Try something like: [DARK BLUE CURTAINS ADORNED THE FLOOR TO CEILING WINDOWS BEHIND THE PRESIDENT'S DESK. [THE NAMED OPERATOR] LOOKED SQUARE INTO MAYNARD'S EYES ACROSS THE SPAN OF THE PRESIDENT'S DESK (what's he thinking at this point?). BEHIND HIM CAME THE SOUND OF A LOG CRACKLING IN THE HERTH.] What about the flooring? Does the operator sleep on a cold hardwood floor? Does he make a mental comparison between his lifestyle with the thick Persian rugs beneath his feet? This not only builds the operator's character, but it also describes the room.

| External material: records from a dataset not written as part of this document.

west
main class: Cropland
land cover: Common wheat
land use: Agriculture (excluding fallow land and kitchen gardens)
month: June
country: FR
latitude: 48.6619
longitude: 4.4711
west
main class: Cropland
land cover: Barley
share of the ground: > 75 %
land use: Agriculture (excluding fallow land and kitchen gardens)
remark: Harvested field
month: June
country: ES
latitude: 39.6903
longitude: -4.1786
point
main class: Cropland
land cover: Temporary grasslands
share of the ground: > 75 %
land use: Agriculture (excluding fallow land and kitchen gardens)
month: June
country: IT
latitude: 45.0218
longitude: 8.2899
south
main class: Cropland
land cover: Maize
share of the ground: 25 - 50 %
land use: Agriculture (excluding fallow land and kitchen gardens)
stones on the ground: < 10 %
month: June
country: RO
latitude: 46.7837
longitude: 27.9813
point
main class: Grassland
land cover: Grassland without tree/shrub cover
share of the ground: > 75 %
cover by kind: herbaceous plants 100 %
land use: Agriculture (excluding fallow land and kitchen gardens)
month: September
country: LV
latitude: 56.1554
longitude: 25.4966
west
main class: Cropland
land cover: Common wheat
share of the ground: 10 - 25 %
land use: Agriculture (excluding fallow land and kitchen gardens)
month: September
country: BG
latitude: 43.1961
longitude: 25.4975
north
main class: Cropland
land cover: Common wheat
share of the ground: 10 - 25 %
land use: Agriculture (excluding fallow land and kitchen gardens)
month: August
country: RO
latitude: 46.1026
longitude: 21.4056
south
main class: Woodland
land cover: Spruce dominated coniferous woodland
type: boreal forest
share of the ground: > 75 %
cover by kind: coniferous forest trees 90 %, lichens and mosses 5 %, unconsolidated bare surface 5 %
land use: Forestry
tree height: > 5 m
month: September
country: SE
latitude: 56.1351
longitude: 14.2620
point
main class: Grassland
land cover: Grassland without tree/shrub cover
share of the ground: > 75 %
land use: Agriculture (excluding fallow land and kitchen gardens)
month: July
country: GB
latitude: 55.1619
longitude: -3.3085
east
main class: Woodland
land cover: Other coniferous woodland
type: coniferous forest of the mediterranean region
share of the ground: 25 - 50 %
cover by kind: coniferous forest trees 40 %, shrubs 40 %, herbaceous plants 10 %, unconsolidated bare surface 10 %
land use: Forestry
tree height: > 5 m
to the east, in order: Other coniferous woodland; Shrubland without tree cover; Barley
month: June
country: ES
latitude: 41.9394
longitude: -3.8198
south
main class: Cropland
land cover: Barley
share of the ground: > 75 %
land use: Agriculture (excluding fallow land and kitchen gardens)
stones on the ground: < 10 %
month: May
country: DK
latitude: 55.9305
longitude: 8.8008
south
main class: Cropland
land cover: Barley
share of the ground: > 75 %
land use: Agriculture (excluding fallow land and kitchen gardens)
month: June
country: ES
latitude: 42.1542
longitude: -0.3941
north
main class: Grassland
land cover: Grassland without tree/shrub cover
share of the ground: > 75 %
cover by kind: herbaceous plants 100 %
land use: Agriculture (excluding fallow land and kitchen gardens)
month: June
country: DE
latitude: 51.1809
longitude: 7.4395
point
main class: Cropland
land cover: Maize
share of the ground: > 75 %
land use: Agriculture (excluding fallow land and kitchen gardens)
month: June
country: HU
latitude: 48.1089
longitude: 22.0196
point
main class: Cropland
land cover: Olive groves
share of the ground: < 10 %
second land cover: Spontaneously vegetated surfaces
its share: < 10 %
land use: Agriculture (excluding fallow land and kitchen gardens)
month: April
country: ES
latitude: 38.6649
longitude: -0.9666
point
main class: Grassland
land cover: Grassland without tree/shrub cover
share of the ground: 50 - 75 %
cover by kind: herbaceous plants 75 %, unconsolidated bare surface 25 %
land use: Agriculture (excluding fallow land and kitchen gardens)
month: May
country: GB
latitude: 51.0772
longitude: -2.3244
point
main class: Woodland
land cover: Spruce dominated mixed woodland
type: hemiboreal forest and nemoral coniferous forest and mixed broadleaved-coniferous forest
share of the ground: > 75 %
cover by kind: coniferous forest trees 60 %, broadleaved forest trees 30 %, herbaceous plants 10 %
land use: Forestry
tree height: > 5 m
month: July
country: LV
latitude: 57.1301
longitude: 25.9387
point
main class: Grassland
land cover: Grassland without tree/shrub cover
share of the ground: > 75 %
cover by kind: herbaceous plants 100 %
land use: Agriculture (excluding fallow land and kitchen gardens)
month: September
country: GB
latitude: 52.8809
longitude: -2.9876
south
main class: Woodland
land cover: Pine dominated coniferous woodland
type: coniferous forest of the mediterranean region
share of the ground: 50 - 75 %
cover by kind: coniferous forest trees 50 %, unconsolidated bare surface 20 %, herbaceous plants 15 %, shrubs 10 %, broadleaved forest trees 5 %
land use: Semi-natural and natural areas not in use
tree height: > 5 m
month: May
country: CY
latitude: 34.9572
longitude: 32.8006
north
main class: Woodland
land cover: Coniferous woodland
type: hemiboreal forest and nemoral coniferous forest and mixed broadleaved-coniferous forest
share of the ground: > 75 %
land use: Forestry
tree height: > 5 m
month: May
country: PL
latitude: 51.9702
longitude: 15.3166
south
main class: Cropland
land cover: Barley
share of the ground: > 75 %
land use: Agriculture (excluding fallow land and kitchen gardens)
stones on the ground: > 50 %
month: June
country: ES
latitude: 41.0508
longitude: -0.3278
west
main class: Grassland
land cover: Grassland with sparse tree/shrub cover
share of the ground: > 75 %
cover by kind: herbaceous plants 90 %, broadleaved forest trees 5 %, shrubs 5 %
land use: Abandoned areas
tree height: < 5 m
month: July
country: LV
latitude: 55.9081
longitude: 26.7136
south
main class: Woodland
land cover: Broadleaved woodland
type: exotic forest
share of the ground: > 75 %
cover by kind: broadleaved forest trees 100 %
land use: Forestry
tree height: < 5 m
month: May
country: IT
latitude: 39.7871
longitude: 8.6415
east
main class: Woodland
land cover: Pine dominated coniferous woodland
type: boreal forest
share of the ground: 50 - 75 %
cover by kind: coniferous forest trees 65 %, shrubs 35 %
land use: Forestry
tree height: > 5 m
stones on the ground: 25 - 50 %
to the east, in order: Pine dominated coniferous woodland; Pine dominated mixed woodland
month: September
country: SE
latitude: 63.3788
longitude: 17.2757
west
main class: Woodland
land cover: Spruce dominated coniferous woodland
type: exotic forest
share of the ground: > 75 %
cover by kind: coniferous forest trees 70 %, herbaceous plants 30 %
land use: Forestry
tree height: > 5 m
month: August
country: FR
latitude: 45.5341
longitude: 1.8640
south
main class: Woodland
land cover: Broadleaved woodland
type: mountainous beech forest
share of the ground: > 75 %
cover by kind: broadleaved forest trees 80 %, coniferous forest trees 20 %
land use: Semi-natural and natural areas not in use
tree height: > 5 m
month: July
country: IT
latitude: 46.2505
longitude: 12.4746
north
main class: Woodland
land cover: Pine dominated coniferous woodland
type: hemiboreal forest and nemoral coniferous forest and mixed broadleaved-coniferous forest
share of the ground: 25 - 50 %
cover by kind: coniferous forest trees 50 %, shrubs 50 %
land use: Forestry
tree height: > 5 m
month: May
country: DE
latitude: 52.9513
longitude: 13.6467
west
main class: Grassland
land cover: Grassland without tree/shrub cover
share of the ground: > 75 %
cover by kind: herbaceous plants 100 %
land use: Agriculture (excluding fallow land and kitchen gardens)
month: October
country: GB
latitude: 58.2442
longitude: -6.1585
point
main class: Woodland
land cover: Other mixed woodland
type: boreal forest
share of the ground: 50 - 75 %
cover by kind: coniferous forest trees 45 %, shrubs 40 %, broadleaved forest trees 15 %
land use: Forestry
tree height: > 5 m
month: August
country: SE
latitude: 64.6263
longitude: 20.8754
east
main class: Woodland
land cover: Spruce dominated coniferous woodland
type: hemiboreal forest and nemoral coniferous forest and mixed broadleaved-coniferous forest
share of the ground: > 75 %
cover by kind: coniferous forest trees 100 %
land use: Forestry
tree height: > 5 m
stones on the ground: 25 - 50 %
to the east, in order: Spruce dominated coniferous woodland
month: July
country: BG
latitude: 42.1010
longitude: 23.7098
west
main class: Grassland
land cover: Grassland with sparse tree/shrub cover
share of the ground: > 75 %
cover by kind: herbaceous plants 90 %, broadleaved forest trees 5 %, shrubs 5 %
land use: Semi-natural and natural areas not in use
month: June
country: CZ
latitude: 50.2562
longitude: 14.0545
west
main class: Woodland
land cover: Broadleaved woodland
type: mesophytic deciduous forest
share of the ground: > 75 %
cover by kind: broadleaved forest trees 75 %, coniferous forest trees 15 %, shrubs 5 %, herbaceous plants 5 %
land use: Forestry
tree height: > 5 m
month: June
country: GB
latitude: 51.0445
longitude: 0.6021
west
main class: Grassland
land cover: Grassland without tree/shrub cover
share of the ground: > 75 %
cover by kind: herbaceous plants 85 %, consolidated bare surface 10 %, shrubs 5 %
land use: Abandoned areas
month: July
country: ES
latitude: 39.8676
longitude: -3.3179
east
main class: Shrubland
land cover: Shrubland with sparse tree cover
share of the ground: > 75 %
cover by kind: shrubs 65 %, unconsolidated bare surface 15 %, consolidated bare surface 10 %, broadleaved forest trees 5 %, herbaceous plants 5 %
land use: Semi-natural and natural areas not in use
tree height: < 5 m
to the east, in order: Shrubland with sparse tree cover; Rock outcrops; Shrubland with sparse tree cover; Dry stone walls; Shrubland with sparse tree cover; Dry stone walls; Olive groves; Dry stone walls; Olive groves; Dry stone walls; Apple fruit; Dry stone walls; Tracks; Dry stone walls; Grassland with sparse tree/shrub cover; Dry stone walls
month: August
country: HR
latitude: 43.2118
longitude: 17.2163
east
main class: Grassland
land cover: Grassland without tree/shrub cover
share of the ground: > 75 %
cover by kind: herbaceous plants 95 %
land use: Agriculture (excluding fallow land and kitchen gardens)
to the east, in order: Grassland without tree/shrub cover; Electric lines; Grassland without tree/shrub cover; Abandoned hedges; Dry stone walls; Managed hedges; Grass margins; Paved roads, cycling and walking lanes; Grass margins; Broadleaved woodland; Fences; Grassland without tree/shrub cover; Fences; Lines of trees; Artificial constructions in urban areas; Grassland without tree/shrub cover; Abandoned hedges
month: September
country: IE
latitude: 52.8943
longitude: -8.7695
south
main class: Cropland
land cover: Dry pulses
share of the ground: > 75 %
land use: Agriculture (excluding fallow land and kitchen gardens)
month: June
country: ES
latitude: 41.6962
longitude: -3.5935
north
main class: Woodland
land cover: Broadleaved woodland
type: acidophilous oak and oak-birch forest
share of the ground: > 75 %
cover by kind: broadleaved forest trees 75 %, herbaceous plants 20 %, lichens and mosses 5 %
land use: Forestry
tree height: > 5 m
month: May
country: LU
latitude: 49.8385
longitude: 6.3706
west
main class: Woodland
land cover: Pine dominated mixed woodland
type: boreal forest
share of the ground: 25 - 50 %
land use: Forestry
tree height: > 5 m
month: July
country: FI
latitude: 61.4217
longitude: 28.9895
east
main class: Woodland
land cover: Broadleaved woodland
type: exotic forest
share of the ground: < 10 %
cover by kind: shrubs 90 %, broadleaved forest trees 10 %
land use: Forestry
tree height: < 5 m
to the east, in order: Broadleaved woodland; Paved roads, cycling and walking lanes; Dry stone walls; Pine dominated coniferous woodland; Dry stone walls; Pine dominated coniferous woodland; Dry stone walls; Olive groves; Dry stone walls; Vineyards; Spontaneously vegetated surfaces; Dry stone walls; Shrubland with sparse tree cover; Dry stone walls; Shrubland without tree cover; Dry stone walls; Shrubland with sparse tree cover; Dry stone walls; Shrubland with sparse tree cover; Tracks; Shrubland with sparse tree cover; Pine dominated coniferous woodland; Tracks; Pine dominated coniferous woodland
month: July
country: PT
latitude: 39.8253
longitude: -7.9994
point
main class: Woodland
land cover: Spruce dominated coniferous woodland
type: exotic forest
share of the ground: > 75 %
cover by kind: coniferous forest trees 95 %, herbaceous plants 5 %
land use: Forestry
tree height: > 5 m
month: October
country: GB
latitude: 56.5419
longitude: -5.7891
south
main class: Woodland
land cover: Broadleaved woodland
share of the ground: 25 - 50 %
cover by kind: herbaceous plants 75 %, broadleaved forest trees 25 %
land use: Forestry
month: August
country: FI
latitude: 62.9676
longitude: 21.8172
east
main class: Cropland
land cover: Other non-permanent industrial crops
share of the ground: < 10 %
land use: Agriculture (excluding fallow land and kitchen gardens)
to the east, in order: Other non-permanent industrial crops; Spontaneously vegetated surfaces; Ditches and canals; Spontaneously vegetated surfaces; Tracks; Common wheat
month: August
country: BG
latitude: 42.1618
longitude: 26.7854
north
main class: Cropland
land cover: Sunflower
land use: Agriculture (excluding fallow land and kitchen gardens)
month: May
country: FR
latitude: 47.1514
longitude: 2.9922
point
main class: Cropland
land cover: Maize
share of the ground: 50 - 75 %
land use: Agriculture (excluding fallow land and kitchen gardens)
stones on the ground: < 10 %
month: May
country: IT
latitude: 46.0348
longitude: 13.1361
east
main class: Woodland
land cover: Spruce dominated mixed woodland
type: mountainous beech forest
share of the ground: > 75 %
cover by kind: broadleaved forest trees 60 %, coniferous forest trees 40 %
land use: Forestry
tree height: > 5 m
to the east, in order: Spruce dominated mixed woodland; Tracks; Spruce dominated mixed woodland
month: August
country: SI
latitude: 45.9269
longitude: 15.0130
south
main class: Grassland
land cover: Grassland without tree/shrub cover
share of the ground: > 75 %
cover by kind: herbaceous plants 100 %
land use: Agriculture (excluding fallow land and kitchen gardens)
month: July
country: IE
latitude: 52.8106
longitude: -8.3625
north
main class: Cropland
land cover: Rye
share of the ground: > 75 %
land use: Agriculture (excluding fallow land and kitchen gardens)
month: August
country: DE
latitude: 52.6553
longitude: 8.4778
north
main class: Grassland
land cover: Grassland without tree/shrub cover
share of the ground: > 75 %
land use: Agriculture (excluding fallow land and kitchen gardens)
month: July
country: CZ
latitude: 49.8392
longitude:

Instead of "... stood in a shadowy corner ..." consider something like this:
[A LATE AFTERNOON SHADOW SWEPT ACROSS THE ROOM AND MASKED THE FEATURES OF THESE UNWELCOMED VISITORS]. Again, depending on the POV, you'd need to adjust the sentence maybe from "the features of these..." to "their features."
The man called the Operator stood stiffly at attention, the first woman fidgeted like a kid with ADD, and the second woman stared wistfully into space. All three looked composed, patient, perfectly in control.
[IF ONE PERSON IS FIDGETING AND THE OTHER ONE IS WISTFULLY STARING INTO SPACE, HOW CAN THEY BE IN "PERFECT CONTOL AND LOOK COMPOSED?" THEY CAN'T.]
[TELLING] But the truth was, the Operator was more anxious than he had ever been in his entire career-his entire life. Sweat dampened the inside of his thin leather gloves and perspiration collected on the collar of his shirt as his mind raced.
[SHOW THE READER HOW ANXIOUS HE IS. GET INSIDE THIS GUY'S HEAD AND SHOW THE READER HIS RACING THOUGHTS. WHAT IS HE THINKING ABOUT? IF HE'S SWEATING, HAVE HIM WIPE HIS UPPER LIP WITH HIS SLEEVE. IS HIS HAIR MOIST FROM PERSPIRATION? DOES HIS HAIR CURL FROM THE PERSPIRATION? DOES HE SMELL? DOES HE BITE HIS NAILS? ALL OF THESE THINGS ADD TO HIS CHARACTERIZATION. HE MAY BE STANDING IN PERFECT ATTENTION BUT I BET THE GUY'S SHAKING LIKE JELLY INSIDE. LET'S SEE IT.]
Hope this helps
-Ylanne
Regardless, I think you're on to something good but you need to emphasize the characters more early on. Give me a reason to care about them. It would have a greater emotional impact on the reader if they cared about the president's character before he died. That would make it hit harder.